Kinetics and mechanism of the reaction between chromium(III) and 3,4-dihydroxyphenylpropionic (dihydrocaffeic) acid in weak acidic aqueous solutions.

The reaction of 3,4-dihydroxyphenylpropionic acid (dihydrocaffeic acid, hydcafH3) with chromium(III) in weak acidic aqueous solutions has been shown to take place through various oxygen-bonded intermediates. The formation of the oxygen-bonded complexes upon substitution of water molecules of the chromium(III) coordination sphere takes place in at least three stages, the first of which has an observed rate constant k1(obs)=k1K0'[hydcafH3]/[H+] where K0' corresponds to the Cr(H2O)6(3+) complex dissociation equilibrium.

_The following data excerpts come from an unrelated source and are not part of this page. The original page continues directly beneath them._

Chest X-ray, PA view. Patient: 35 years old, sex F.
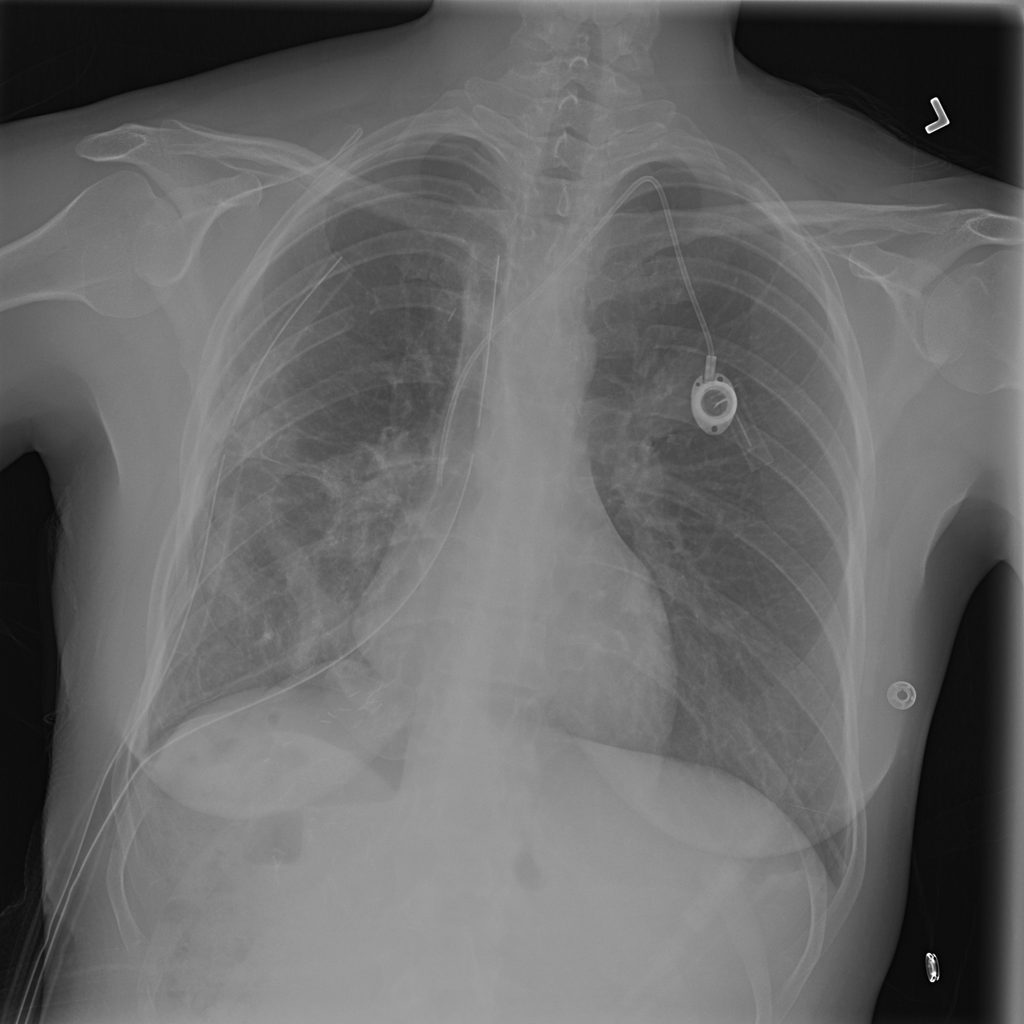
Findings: No Finding
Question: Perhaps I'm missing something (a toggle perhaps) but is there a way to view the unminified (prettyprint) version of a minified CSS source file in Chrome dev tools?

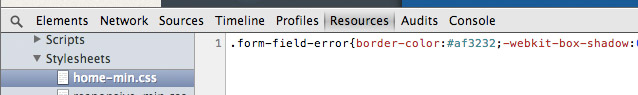
Answer: This is the minified version :

And here goes the unminified one :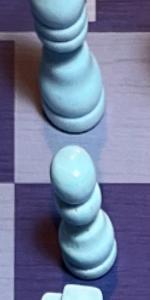
Label: Pawn_White

The second and third stages are ligand concentration independent and are thus attributed to isomerisation and chelation processes. The corresponding activation parameters are DeltaH2(not equal)=78+/-3 kJmol(-1), DeltaS2(not equal)=-49+/-9 JK(-1)mol(-1), DeltaH3(not equal)=60+/-9 kJmol(-1) and DeltaS3(not equal)=-112+/-39 JK(-1)mol(-1). The kinetic results support associative mechanisms and the nature of the electronic spectra a catecholic-type of coordination at the pH and concentration range studied and reported in this paper. The associatively activated substitution processes are accompanied by proton release causing a pH decrease. At lower acid concentration oxidation of the ligand takes place with concomitant high increase in the UV and VIS absorbance.